Who were these people who stared at them as though they were objects, with guns in their hands like something from a movie . . . except that she and Gerhardt and the others were the bit players now. They couldn’t go to the kitchen to fetch beer and pretzels. They could only live the drama to its end. And so she wept quietly at her powerlessness, to the contempt of Petra Dortmund.
Homer Johnston was in his ghillie suit, a complex overall-type garment made of rags sewn into place on a gridded matrix, whose purpose was to make him appear to be a bush or a pile of leaves or compost, anything but a person with a rifle. The rifle was set up on its bipod, the hinged flaps on the front and back lenses of his telescopic sight flipped up. He’d picked a good place to the east of the helicopter pad that would allow him to cover the entire distance between the helicopter and the house. His laser rangefinder announced that he was 216 meters from a door on the back of the house and 147 meters from the front-left door of the helicopter. He was lying prone in a dry spot on the beautiful lawn, in the lengthening shadows close to the treeline, and the air brought to him the smell of horses, which reminded him of his childhood in the American northwest. Okay. He thumbed his radio microphone.
“Lead, Rifle Two-One.”
“Rifle Two-One, Lead.”
“In place and set up. I show no movement in the house at this time.”

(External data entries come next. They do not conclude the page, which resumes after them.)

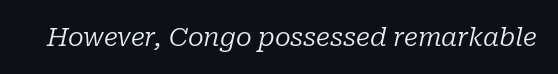
The face used here is rendered with its standard letterfit. The words here are not underlined. Does the lettering tilt? It does — this is italic. The passage shown is not bold in any degree.
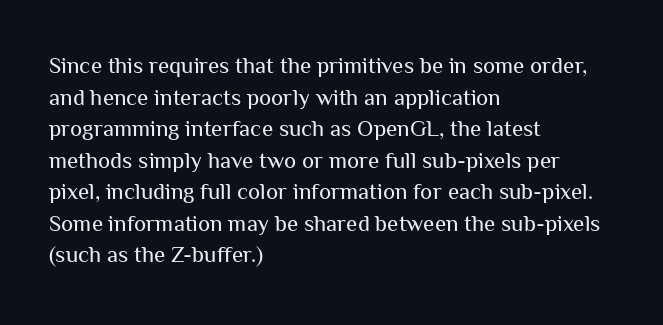
The image shows 23 px text type, upright; set left-aligned, normal line spacing (1.37x), normal letter spacing, not underlined.
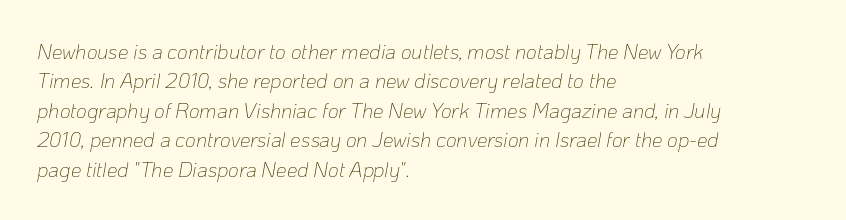
{"italic": "yes", "lean": "right", "slant_degrees": 10, "bold": "no", "underline": "no", "align": "left", "line_spacing": "normal", "line_spacing_ratio": 1.4, "letter_spacing": "normal", "letter_spacing_em": 0.0, "glyph_px": 21}
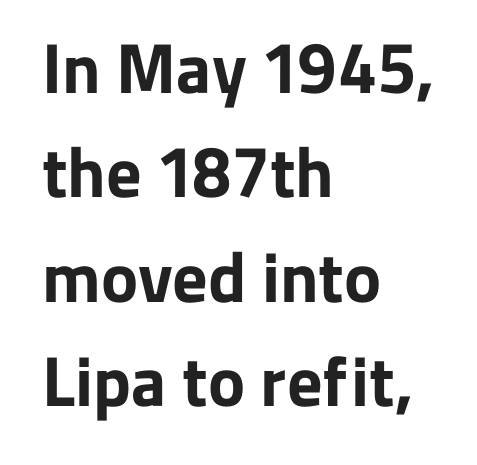
{"serif": "no", "italic": "no", "bold": "yes", "weight": "bold", "width": "normal", "stroke_contrast": "low", "x_height": "medium", "monospaced": "no", "underline": "no", "align": "left", "line_spacing": "normal", "line_spacing_ratio": 1.49, "letter_spacing": "normal", "letter_spacing_em": 0.0, "glyph_px": 70}
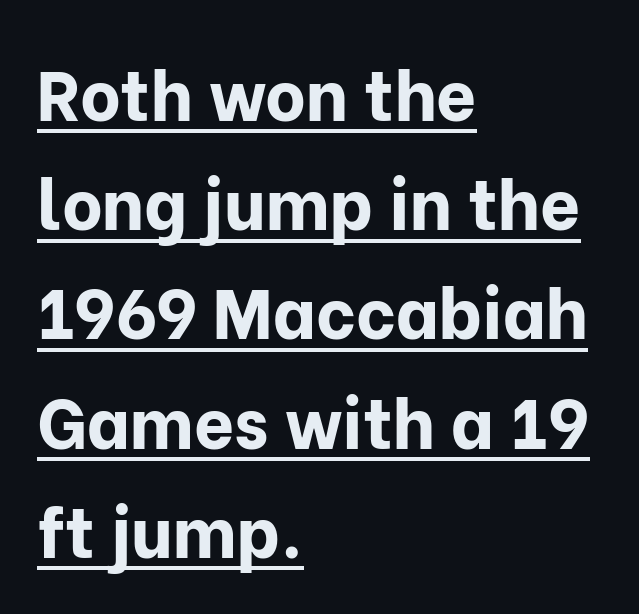
Letter spacing: default. The glyphs are accompanied by a horizontal stroke just below them. A normal amount of white space separates one row of letters from the next. Spacing verdict: proportional, widths tailored to each character. Typesetter's note: full bold, strokes at maximum text heaviness.

“Rifle Two-Two, in place and set up, I also see no movement,” Sergeant Weber reported from his spot, two hundred fifty-six meters from Johnston. Johnston turned to see Dieter’s location. His German counterpart had selected a good spot.
“Achtung,”
a voice called behind him. Johnston turned to see an Austrian cop approaching, not quite crawling on the grass.
“Hier,”
the man said, handing over some photos and withdrawing rapidly. Johnston looked at them. Good, shots of the hostages . . . but none of the bad guys. Well, at least he’d know whom
not
to shoot. With that, he backed off the rifle and lifted his green-coated military binoculars and began scanning the house slowly and regularly, left to right and back again. “Dieter?” he said over his direct radio link.